Write down each entry precisely as given.

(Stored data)
====

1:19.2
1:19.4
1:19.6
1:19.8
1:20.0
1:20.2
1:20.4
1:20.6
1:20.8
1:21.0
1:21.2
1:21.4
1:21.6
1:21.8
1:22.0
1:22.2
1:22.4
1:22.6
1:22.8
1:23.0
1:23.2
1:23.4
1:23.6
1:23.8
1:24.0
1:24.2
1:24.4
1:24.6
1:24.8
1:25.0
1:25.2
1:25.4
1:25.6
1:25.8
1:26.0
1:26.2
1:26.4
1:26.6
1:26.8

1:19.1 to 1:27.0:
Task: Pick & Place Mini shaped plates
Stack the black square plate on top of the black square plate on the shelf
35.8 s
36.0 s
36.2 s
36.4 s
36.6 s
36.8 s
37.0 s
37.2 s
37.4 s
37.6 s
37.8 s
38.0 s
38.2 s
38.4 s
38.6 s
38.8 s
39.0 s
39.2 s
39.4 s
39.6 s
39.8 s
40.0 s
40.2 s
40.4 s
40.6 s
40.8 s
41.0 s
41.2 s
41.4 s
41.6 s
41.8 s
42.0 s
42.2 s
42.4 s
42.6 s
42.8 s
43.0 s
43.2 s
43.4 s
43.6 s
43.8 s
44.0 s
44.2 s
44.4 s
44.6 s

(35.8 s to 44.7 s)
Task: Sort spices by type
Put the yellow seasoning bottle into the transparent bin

====

(Task result)
1:19.2
1:19.4
1:19.6
1:19.8
1:20.0
1:20.2
1:20.4
1:20.6
1:20.8
1:21.0
1:21.2
1:21.4
1:21.6
1:21.8
1:22.0
1:22.2
1:22.4
1:22.6
1:22.8
1:23.0
1:23.2
1:23.4
1:23.6
1:23.8
1:24.0
1:24.2
1:24.4
1:24.6
1:24.8
1:25.0
1:25.2
1:25.4
1:25.6
1:25.8
1:26.0
1:26.2
1:26.4
1:26.6
1:26.8

1:19.1 to 1:27.0:
Task: Pick & Place Mini shaped plates
Stack the black square plate on top of the black square plate on the shelf
35.8 s
36.0 s
36.2 s
36.4 s
36.6 s
36.8 s
37.0 s
37.2 s
37.4 s
37.6 s
37.8 s
38.0 s
38.2 s
38.4 s
38.6 s
38.8 s
39.0 s
39.2 s
39.4 s
39.6 s
39.8 s
40.0 s
40.2 s
40.4 s
40.6 s
40.8 s
41.0 s
41.2 s
41.4 s
41.6 s
41.8 s
42.0 s
42.2 s
42.4 s
42.6 s
42.8 s
43.0 s
43.2 s
43.4 s
43.6 s
43.8 s
44.0 s
44.2 s
44.4 s
44.6 s

(35.8 s to 44.7 s)
Task: Sort spices by type
Put the yellow seasoning bottle into the transparent bin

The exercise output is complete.